Nausea and vomiting affect most pregnancies, but hyperemesis gravidarum (HG) is a distinct and potentially life‑threatening condition marked by intractable vomiting, dehydration, and weight loss. Affecting about 2% of pregnancies, HG has historically been underrecognized and sometimes misattributed to psychological causes.
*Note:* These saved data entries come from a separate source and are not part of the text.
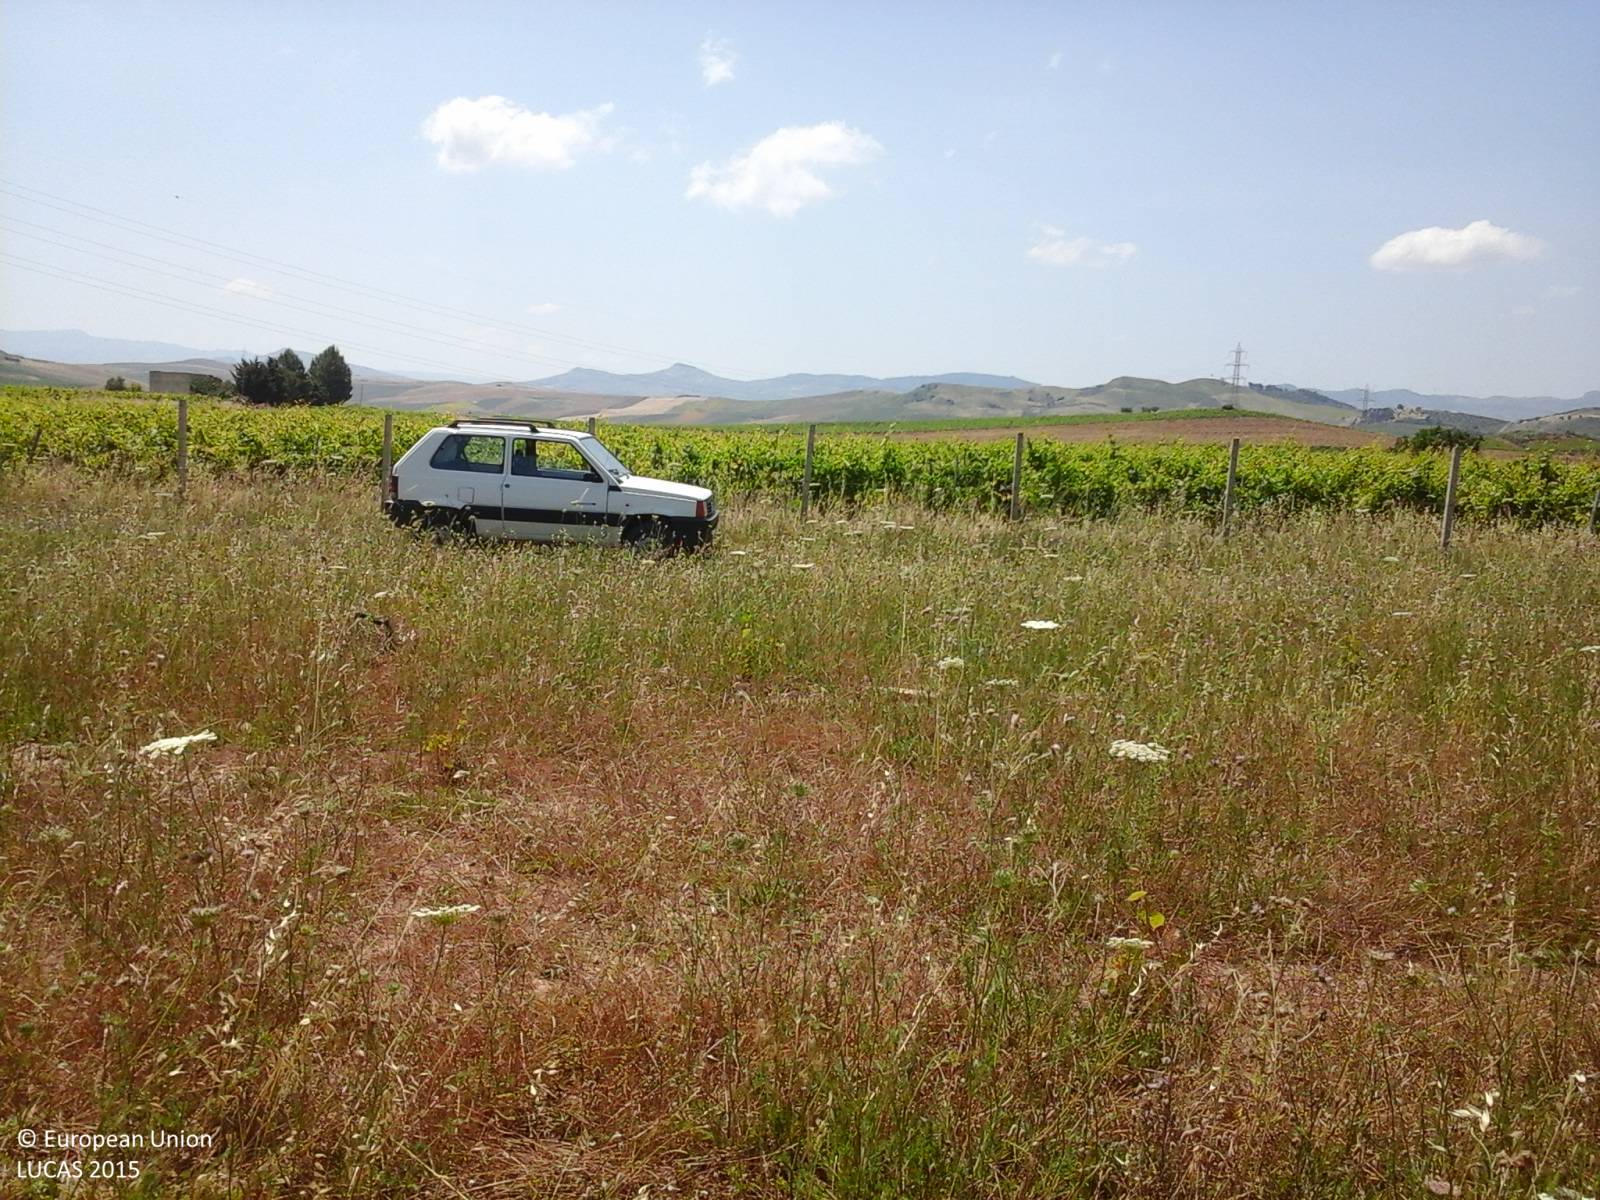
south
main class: Grassland
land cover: Grassland without tree/shrub cover
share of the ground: > 75 %
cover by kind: herbaceous plants 100 %
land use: Abandoned areas
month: June
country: IT
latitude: 37.9184
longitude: 12.9927
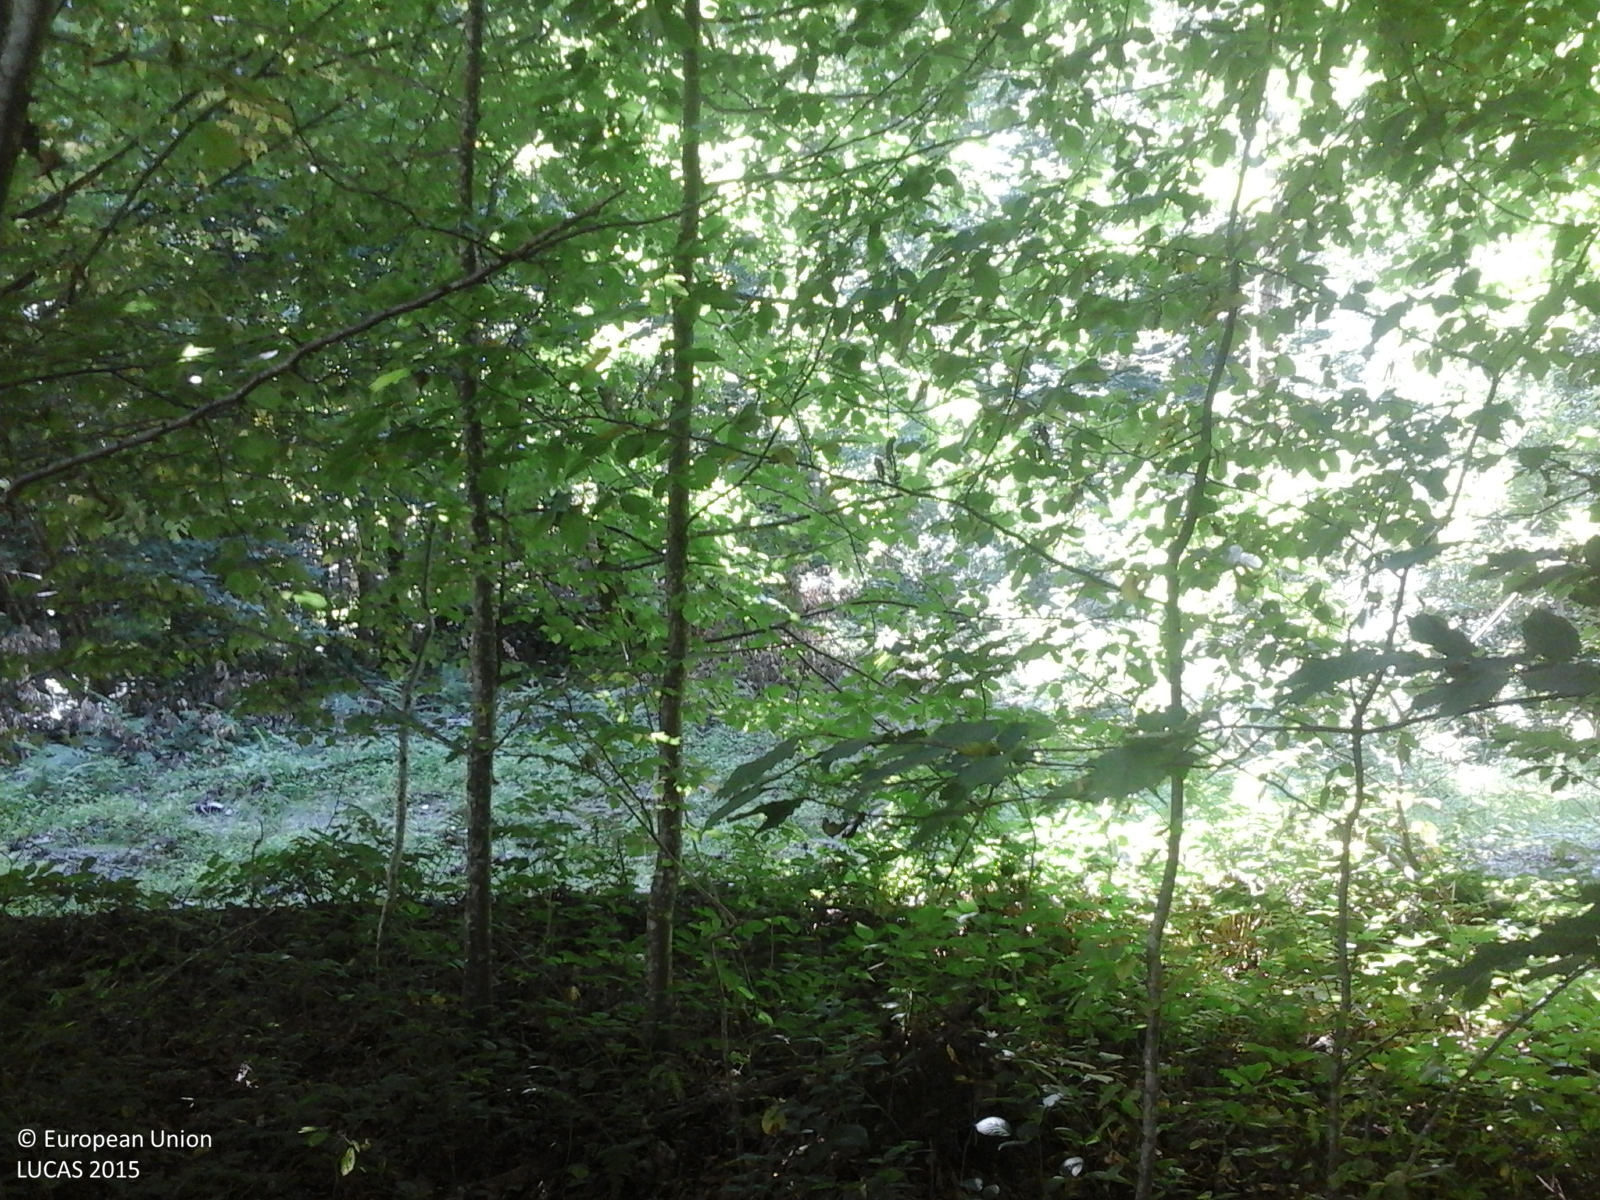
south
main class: Woodland
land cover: Broadleaved woodland
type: non-riverine alder, birch or aspen forest
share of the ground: > 75 %
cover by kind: broadleaved forest trees 100 %
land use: Forestry
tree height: > 5 m
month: August
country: RO
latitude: 46.4724
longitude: 22.3301

In the largest genetic study of HG to date, researchers analyzed genome‑wide data from 10,974 women with HG and 461,461 controls, spanning European, Asian, African, and Latino ancestries. The study identified 10 genome‑wide significant loci, including four previously known genes (GDF15, IGFBP7, PGR, GFRAL) and six novel associations involving appetite regulation, insulin signaling, and brain plasticity.

The strongest signal was linked to GDF15, a placental hormone that rises sharply during pregnancy and influences nausea and appetite. Prior work suggests symptom severity may depend on maternal sensitivity to GDF15 rather than hormone levels alone—helping explain why some women develop severe disease.

TCF7L2, one of the newly identified genes, drew particular interest because of its established role in type 2 and gestational diabetes. In this study, TCF7L2 was expressed in placental extravillous trophoblasts and is involved in incretin and insulin signaling, including GLP‑1 pathways that influence appetite and nausea—pointing to shared metabolic mechanisms in HG.

“Because this is the largest study of hyperemesis gravidarum ever conducted, we’ve been able to tease out important new details that were previously unknown,” said lead author Marlena Fejzo, PhD of the Center for Genetic Epidemiology at the USC Keck School of Medicine.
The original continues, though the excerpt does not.